Información sobre pedidos
| Nombre del producto | Número de catálogo | UNIDAD | Precio | CANTIDAD | Favoritos | |
Plásmido Doble Nickase (m) caspase-3 | sc-419466-NIC | 20 µg | $410.00 | |||
Plásmido Doble Nickase (m2) caspase-3 | sc-419466-NIC-2 | 20 µg | $410.00 |
Casp3 codifica la caspasa-3, una proteasa efectora central en la apoptosis que se activa aguas abajo de la señalización mitocondrial intrínseca y de las vías extrínsecas de receptores de muerte. Una vez procesada por caspasas iniciadoras, la caspasa-3 escinde numerosos sustratos para impulsar la condensación de la cromatina, la fragmentación del ADN, la formación de vesiculaciones en la membrana y la generación de cuerpos apoptóticos.
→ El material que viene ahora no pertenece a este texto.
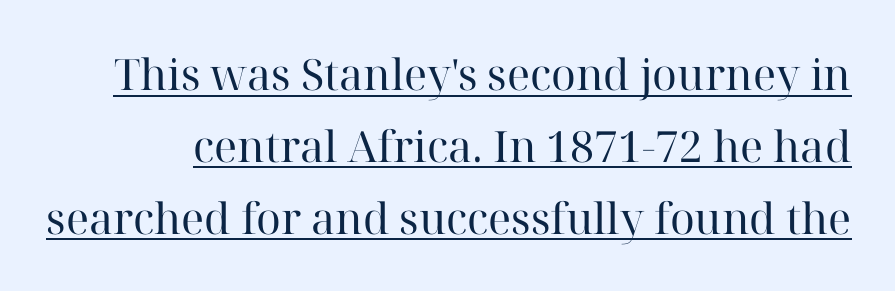
The image shows 43 px regular-weight serif type, upright; set normal line spacing (1.67x), normal letter spacing, underlined; high stroke contrast and a medium x-height.

En modelos murinos, la actividad de Casp3 moldea el desarrollo y la homeostasis tisular e influye en las respuestas al estrés celular, la citotoxicidad mediada por el sistema inmunitario y procesos neurodegenerativos o inflamatorios en los que la muerte celular desregulada contribuye a la patología. Dado que la caspasa-3 se sitúa en un punto de convergencia de la señalización proapoptótica, la perturbación de Casp3 se utiliza ampliamente para analizar la intercomunicación entre la apoptosis, las vías compensatorias de supervivencia y la necrosis regulada.
caspase-3 El plásmido de doble nicasa (m) consiste en un par de plásmidos emparejados diseñados para la edición de alta especificidad del locus Casp3 en líneas celulares mouse. Cada plásmido expresa una nicasa Cas9 D10A y un ARN guía específico (sgRNA) dirigido a cadenas de ADN opuestas dentro de Casp3. Cuando se dirigen a sitios adyacentes en cadenas de ADN opuestas, las dos nicasas generan cortes en cadena simple desplazados que, juntos, producen una rotura de doble cadena escalonada, lo que requiere una actividad coordinada sobre el objetivo por parte de ambas guías. La rotura de ADN resultante se resuelve mediante vías de reparación celular endógenas, más comúnmente a través de la unión de extremos no homólogos (NHEJ), lo que da lugar a inserciones o deleciones que alteran la función de Casp3. Al requerir la participación de dos ARN guía en el locus diana, el enfoque de doble corte mejora la especificidad de la edición y proporciona una estrategia CRISPR complementaria para aplicaciones en las que se desea un control adicional sobre la precisión de la orientación.
Para facilitar la identificación eficiente de las células editadas, un plásmido codifica GFP para la visualización fluorescente de las poblaciones transfectadas, mientras que el plásmido complementario lleva un gen de resistencia a la puromicina para la selección con antibióticos. En conjunto, estas características facilitan el enriquecimiento eficiente de las poblaciones cotransfectadas y simplifican la validación de los clones con Casp3 alterado.
Sólo para uso en investigación. No destinado a uso diagnóstico o terapéutico.